Ser original no es precisamente negar las múltiples voces con las cuales convivimos, sino saber distinguir nuestra voz de entre todas, pero saber también que nuestra voz surge de otras voces y con ellas se relaciona.
Según Kandinsky, cada cultura produce un arte nuevo, hijo de su época. Hoy cabe agregar: cada uno aporta lo propio de acuerdo a la relación que mantiene con su realidad –una realidad temporal, cambiante, diversa. Cada obra manifiesta una concepción diferente del mundo. Al trabajarla, lo que se busca es limpiarla de timbres ajenos que dificultan su comprensión.
La influencia de otras voces es tan inevitable como deseable: heredamos las facciones de un rostro que cambiará de acuerdo a sus circunstancias.
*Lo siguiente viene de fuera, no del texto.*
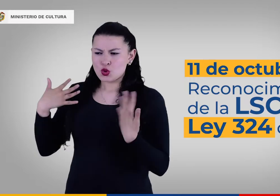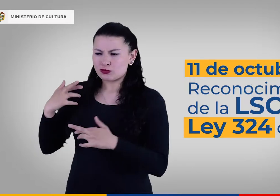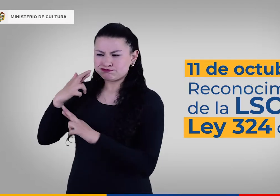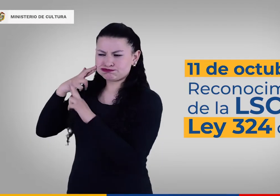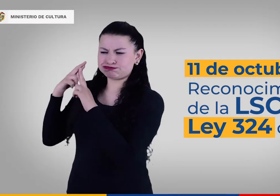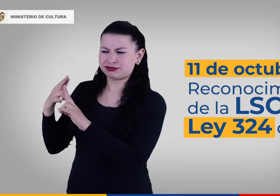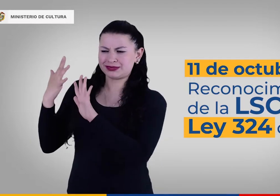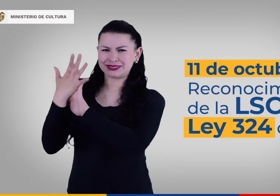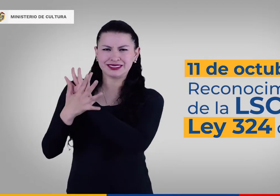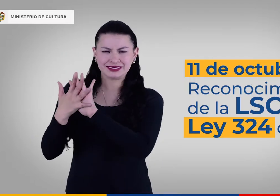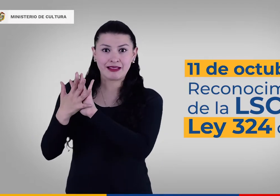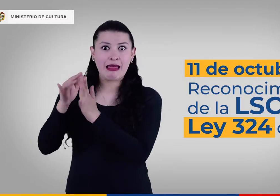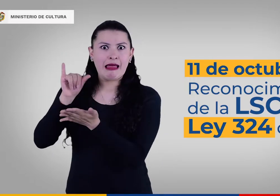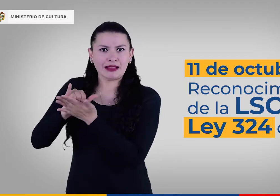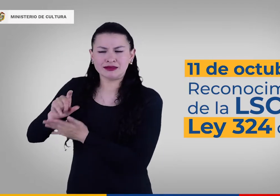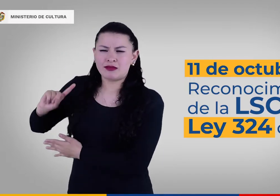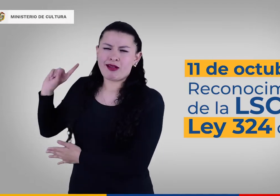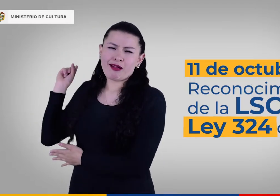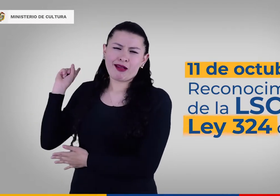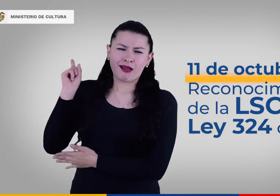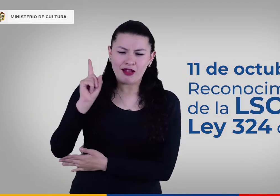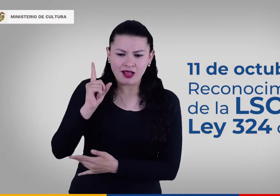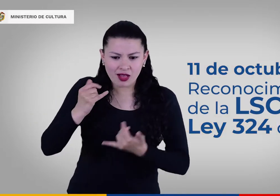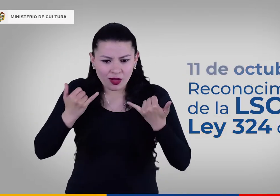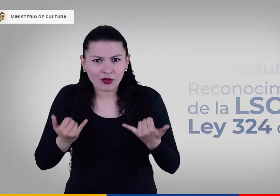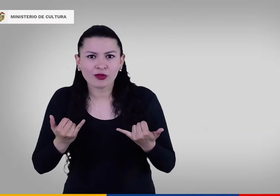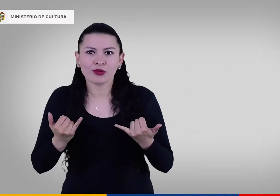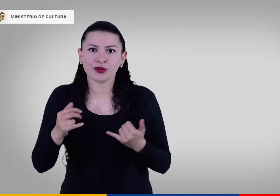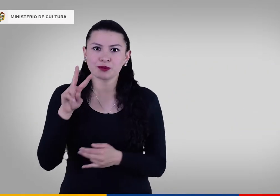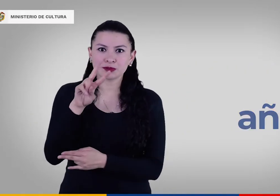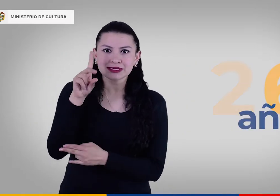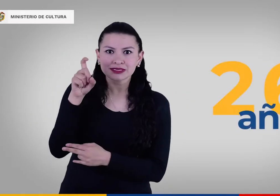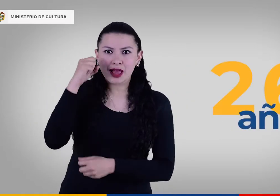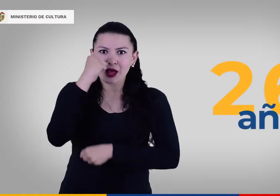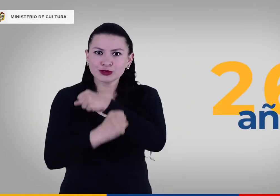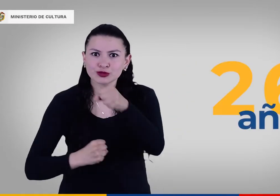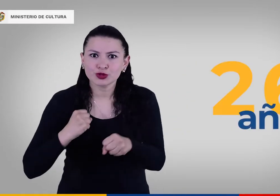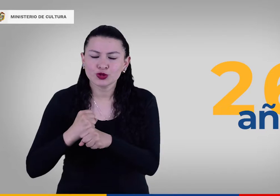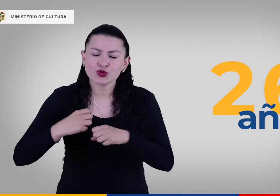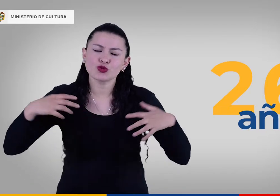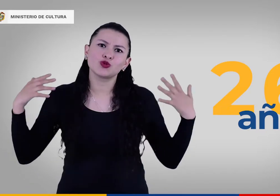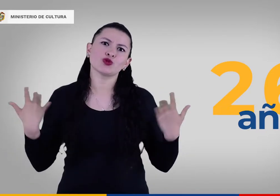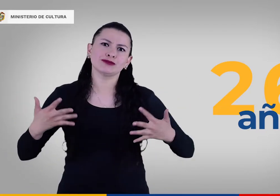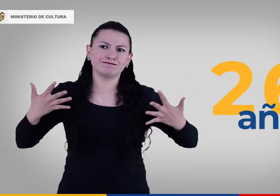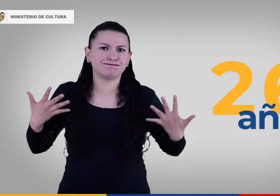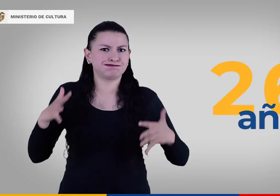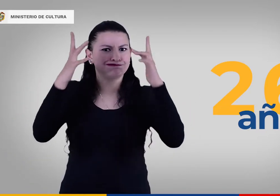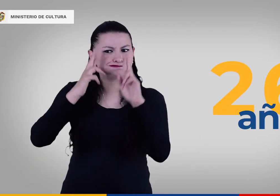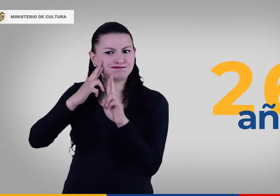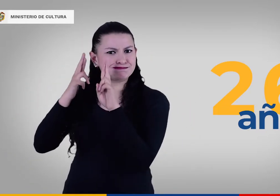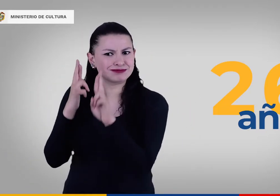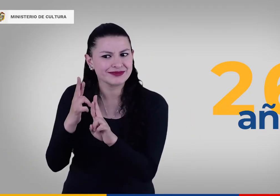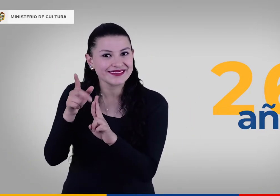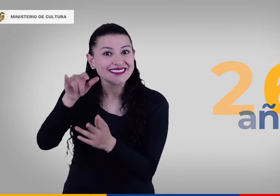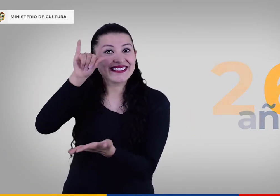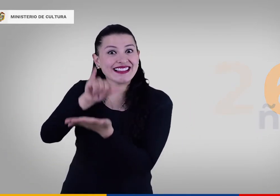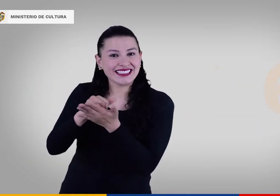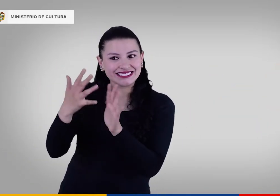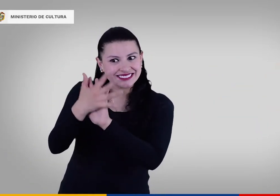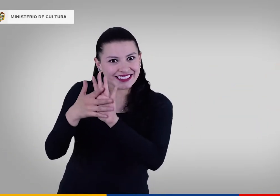Desde ese entonces hasta la fecha han transcurrido 26 años, lo que es motivo de celebración, y es la razón por la que hace

La aceptación de esa deuda con la tradición, una aceptación que al cabo no se resigna y además abreva de su propia memoria –aquella memoria personal que a fin de cuentas se torna colectiva–, hace de un hombre un hombre de su tiempo, si bien diferente a los de su tiempo. Quien bebe de su propia fuente, sin negar sus deudas o contribuciones, ha encontrado su voz, una voz que cambia en el transcurso de la vida, que siempre está por descubrirse.